A. Yes, that’s true. There are some racial and ethnic differences related to susceptibility to nausea and vomiting. Also, there are genetic variances in the neurotransmitter receptors involved in these responses, for example the 5-HT3 receptor.
Q. How do you distinguish regurgitation from emesis?
A. That’s a good question, and it hasn’t been investigated. Causal observation suggests that emesis is a more intense response.
Q. What about rodents. Do they have an emetic reflex?
A. No, but they might have a degenerative “emetic” response. They have a gagging reflex, and they will retch (or gag) upon administration of some medications, but this does not result in expulsion of gastric contents. However, please note that relatively few strains of rats, mice, guinea pigs, or hamsters (or rabbits) have been evaluated and with a limited set of emetogenic stimuli.
Q. Have studies been done with animals to study which types of substances they choose to consume when they are exhibiting pica?
A. Yes, one study compared clay, pebbles, and dirt and found that clay was the most consumed.
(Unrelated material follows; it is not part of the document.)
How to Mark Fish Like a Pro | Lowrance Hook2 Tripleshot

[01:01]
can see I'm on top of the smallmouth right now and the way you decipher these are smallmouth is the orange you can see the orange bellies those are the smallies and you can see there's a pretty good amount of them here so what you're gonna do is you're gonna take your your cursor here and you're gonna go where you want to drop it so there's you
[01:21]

This seems to make sense because clay can absorb toxins very well and therefore is the most beneficial response.
Q. How do you measure the intensity of emesis?
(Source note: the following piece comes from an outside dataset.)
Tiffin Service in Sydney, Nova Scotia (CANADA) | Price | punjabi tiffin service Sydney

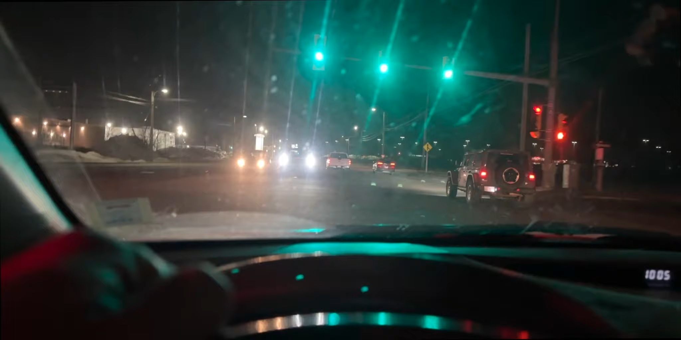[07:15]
ਕਿ ਇੱਧਰਲੀ ਸਾਈਡ ਤੋਂ ਹਾਈਵੇ ਤੋਂ ਆ ਕੇ ਸਿੱਧਾ ਜਾਓਗੇ ਤਾਂ ਵਿਟਨੀ ਪੀਅਰ ਜਿੱਧਰ ਨੂੰ ਆਪਾਂ ਚੱਲਿਆ ਗਲੇਸਵੇ ਅਤੇ ਰਿਜ਼ਰਵ ਮਾਈਨ ਦਾ ਰਸਤਾ ਹੈ
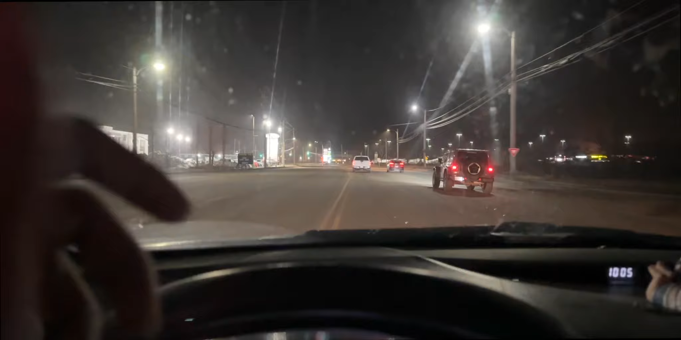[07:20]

A. By the frequency of emetic and retching responses.
Q. If you repeated this experiment with the rat, would they sensitize over time (with repeated injections of kaolin)?
A. A recent study by Vera et al. showed heightened pica responses to cisplatin (a chemotherapy agent) injection with repeat doses.
Q. Does vomiting reduce the formation of a conditioned taste aversion?
A. I’m not sure how you would test that. But perhaps one could reason that if vomiting is a positive outcome perhaps a strong stimulus, producing emesis, might function less effectively as a US for the formation of CTA than a sub-threshold stimulus.
Q. What do you feed the suncus murinus?
A. We feed them cat chow and mink pellets.
Q. Are you looking for a hormonal response in the suncus that regulations the emetic response? Is oxytocin a good marker?
A. We don’t know but we are currently considering these measures.